* [TASK]
Search the records below for "without" and copy every line it turns up in.

Source data
= = = = = = =
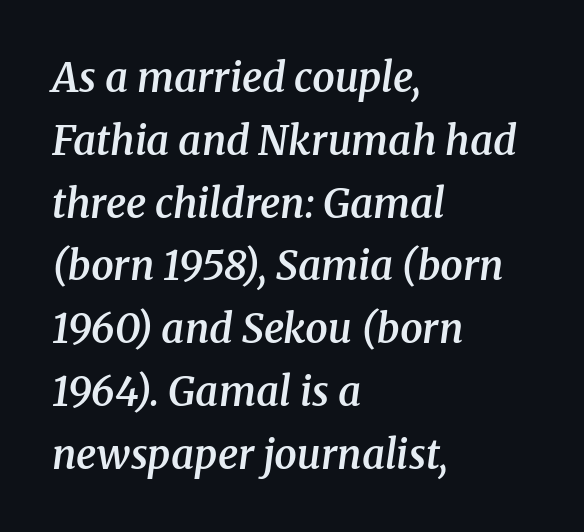
Yep, that's italic — everything's leaning. This block has exactly the height ordinary leading produces. Stems and bowls a touch heavier than normal — semibold. Note the varied advance widths — an 'i' is clearly narrower than an 'm'. The words here are not underlined.
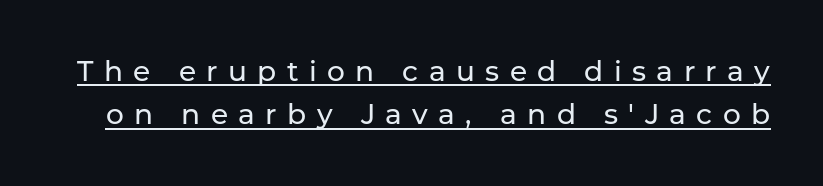
Q: Is the text bold? A: No.
Q: Is the text italic (slanted)? A: No, it is upright.
Q: Is the typeface a serif or a sans-serif typeface? A: Sans-serif.
Q: Is the text underlined? A: Yes.
Q: Is the spacing between letters normal or unusually wide? A: Unusually wide.
Q: Is the spacing between lines tight, normal or loose? A: Normal.
Q: Width (condensed, normal, or wide)? A: Normal.
Q: Stroke contrast? A: Low.
Q: x-height? A: Medium.
Q: Monospaced? A: No.
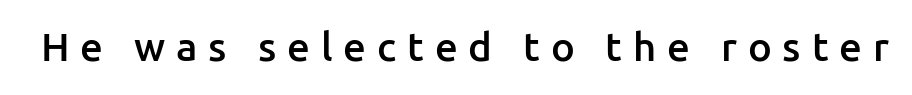
{"serif": "no", "italic": "no", "bold": "semi", "weight": "semibold", "width": "normal", "stroke_contrast": "low", "x_height": "medium", "monospaced": "no", "underline": "no", "letter_spacing": "wide", "letter_spacing_em": 0.27, "glyph_px": 40}
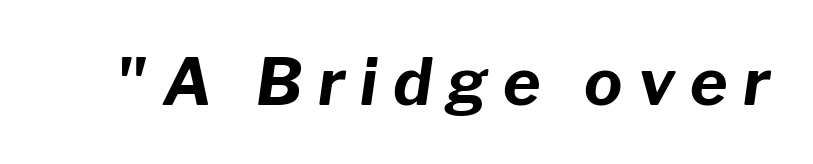
The gap between lines stays unmarked. The rendering uses natural spacing where letterforms have individual widths. If you drew a line through each stem, it would be angled. The tracking reads as deliberately expanded to a designer's eye. The characters look thick and weighty, a clear bold.
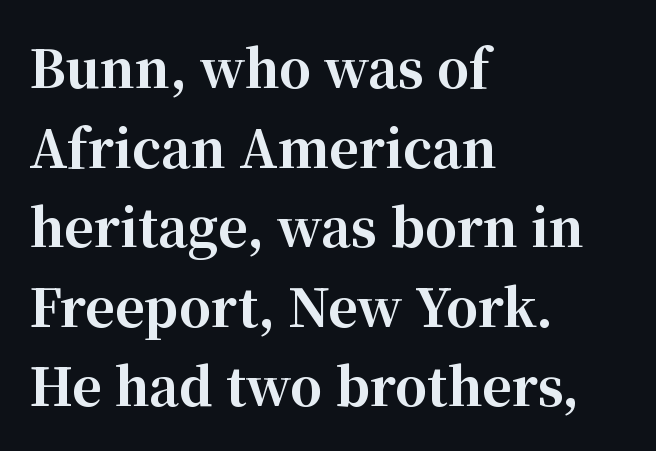
Q: Is the text bold? A: Yes.
Q: Is the text italic (slanted)? A: No, it is upright.
Q: Is the typeface a serif or a sans-serif typeface? A: Serif.
Q: Is the text underlined? A: No.
Q: How is the paragraph aligned? A: Left-aligned.
Q: Is the spacing between letters normal or unusually wide? A: Normal.
Q: Is the spacing between lines tight, normal or loose? A: Normal.
Q: Width (condensed, normal, or wide)? A: Normal.
Q: Stroke contrast? A: High.
Q: x-height? A: Medium.
Q: Monospaced? A: No.
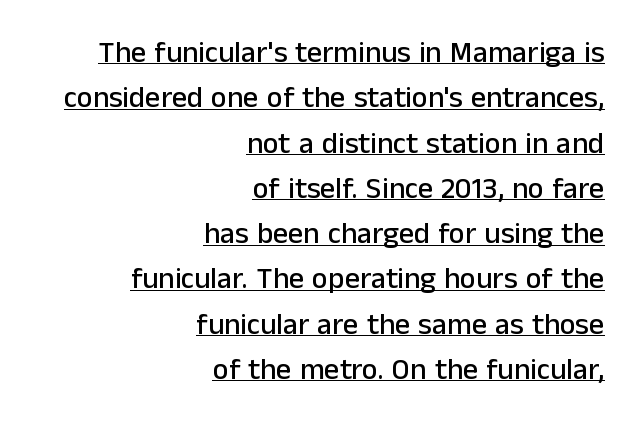
{"serif": "no", "italic": "no", "width": "normal", "stroke_contrast": "low", "x_height": "medium", "monospaced": "no", "underline": "yes", "align": "right", "line_spacing": "normal", "line_spacing_ratio": 1.51, "letter_spacing": "normal", "letter_spacing_em": 0.0, "glyph_px": 30}
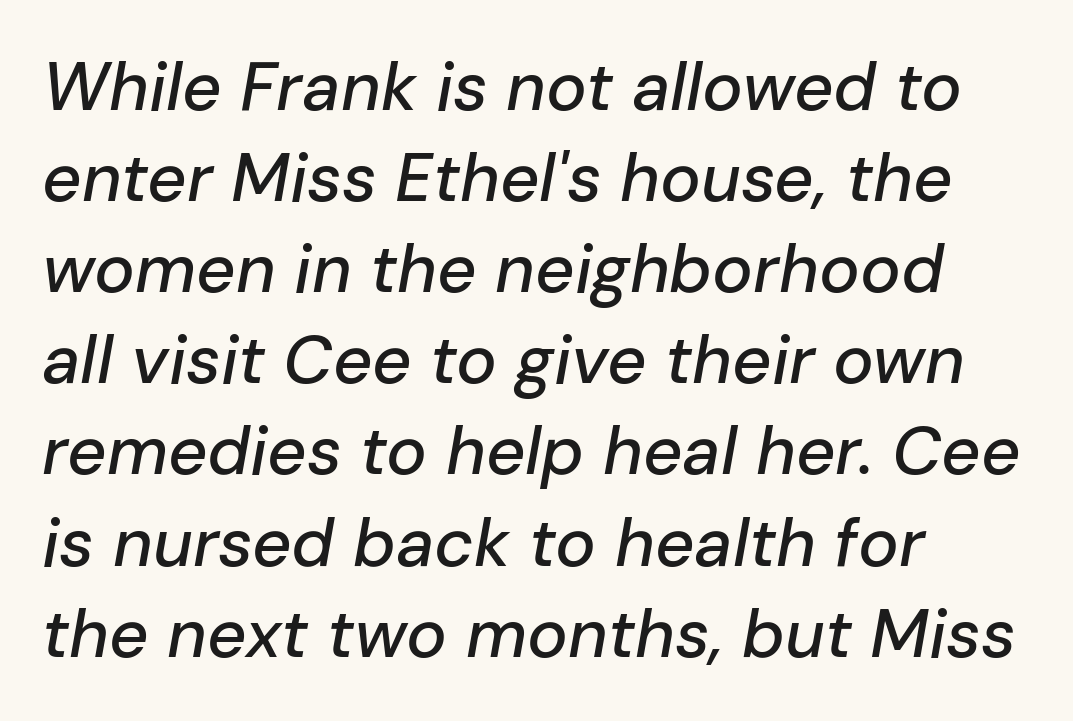
The image shows 68 px text type, italic (leaning right); set left-aligned, normal line spacing (1.34x), normal letter spacing, not underlined; low stroke contrast and a medium x-height.
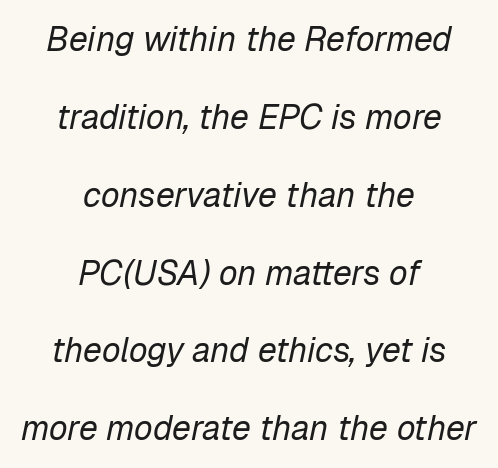
The image shows 34 px regular-weight type, italic (leaning right); set centered, loose line spacing (2.29x), normal letter spacing, not underlined; low stroke contrast and a medium x-height.
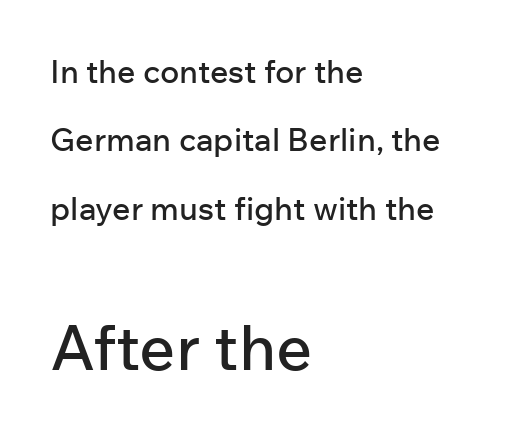
This is roman type, the default non-slanted kind. Note: smaller setting up top, larger setting below. Varying glyph widths throughout — classic text-font behaviour. Type without underlining.
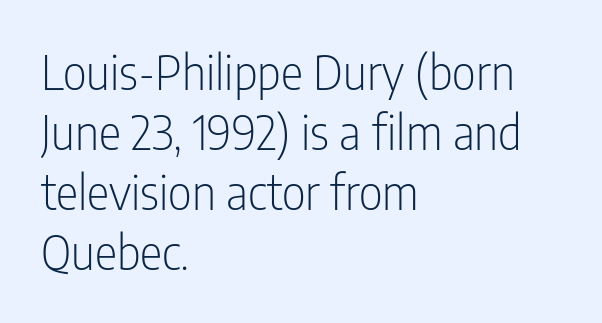
Underline: absent. The characters display no serif detailing; their extremities are plain. Think standard paragraph weight, or any step lighter than that. Reading down the column, the eye jumps a familiar distance to each next line.
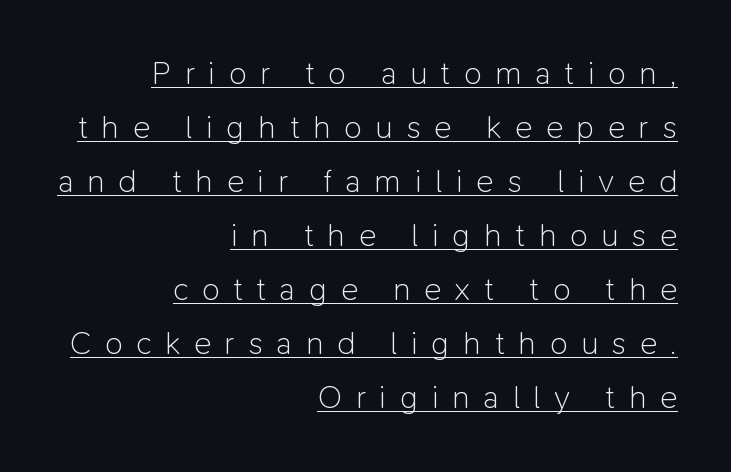
Q: Is the text bold? A: No.
Q: Is the text italic (slanted)? A: No, it is upright.
Q: Is the typeface a serif or a sans-serif typeface? A: Sans-serif.
Q: Is the text underlined? A: Yes.
Q: How is the paragraph aligned? A: Right-aligned.
Q: Is the spacing between letters normal or unusually wide? A: Unusually wide.
Q: Is the spacing between lines tight, normal or loose? A: Normal.
Q: Width (condensed, normal, or wide)? A: Normal.
Q: Stroke contrast? A: Low.
Q: x-height? A: Medium.
Q: Monospaced? A: No.
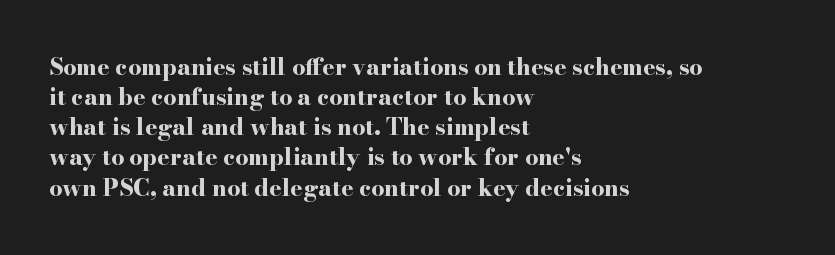
{"italic": "no", "bold": "yes", "underline": "no", "align": "left", "line_spacing": "normal", "line_spacing_ratio": 1.31, "letter_spacing": "normal", "letter_spacing_em": 0.0, "glyph_px": 23}
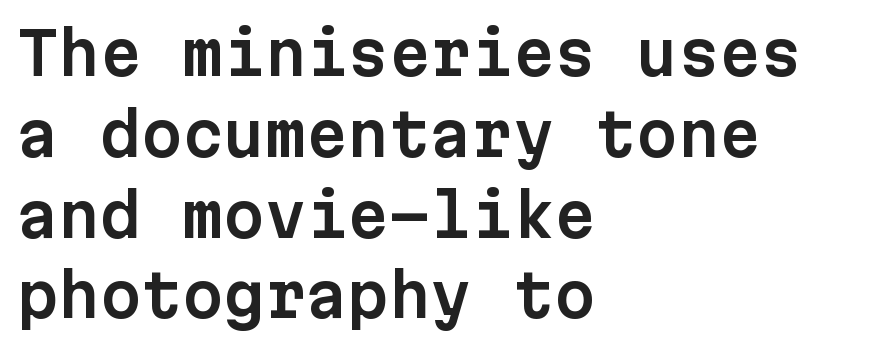
{"serif": "no", "italic": "no", "width": "normal", "stroke_contrast": "low", "x_height": "medium", "monospaced": "yes", "underline": "no", "align": "left", "line_spacing": "normal", "line_spacing_ratio": 1.37, "letter_spacing": "normal", "letter_spacing_em": 0.0, "glyph_px": 59}
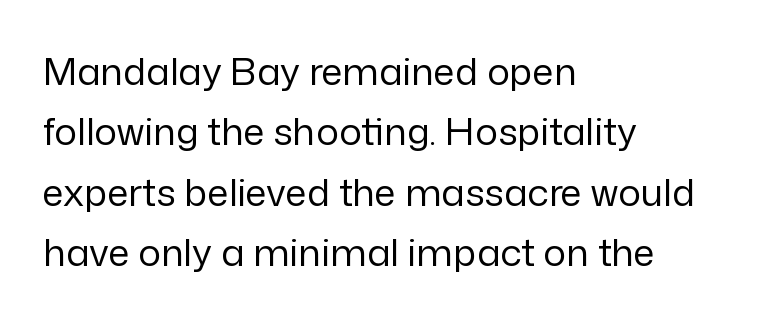
The image shows 38 px regular-weight sans-serif type, upright; set left-aligned, normal line spacing (1.59x), normal letter spacing, not underlined; low stroke contrast and a medium x-height.
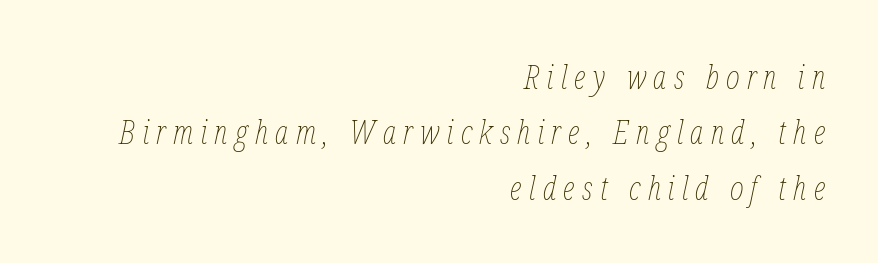
The image shows 33 px thin, condensed type, italic (leaning right); set right-aligned, normal line spacing (1.68x), unusually wide letter spacing (+0.22 em), not underlined; low stroke contrast and a medium x-height.
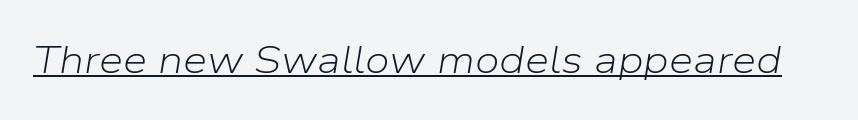
{"italic": "yes", "lean": "right", "slant_degrees": 9, "bold": "no", "weight": "light", "width": "normal", "stroke_contrast": "low", "x_height": "medium", "monospaced": "no", "underline": "yes", "letter_spacing": "normal", "letter_spacing_em": 0.0, "glyph_px": 39}
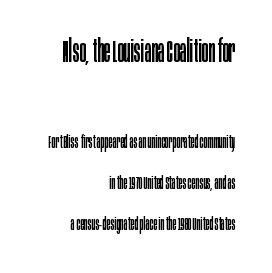
The letters carry no serifs — their stems end cleanly without finishing strokes. Scale decreases going downward across the two blocks. Quick note: interline space is abundant. The baseline area is clear.
= = = = = = =
* [RESPONSE AREA]
This is roman type, the default non-slanted kind. Note: smaller setting up top, larger setting below. Varying glyph widths throughout — classic text-font behaviour. Type without underlining.
The letters carry no serifs — their stems end cleanly without finishing strokes. Scale decreases going downward across the two blocks. Quick note: interline space is abundant. The baseline area is clear.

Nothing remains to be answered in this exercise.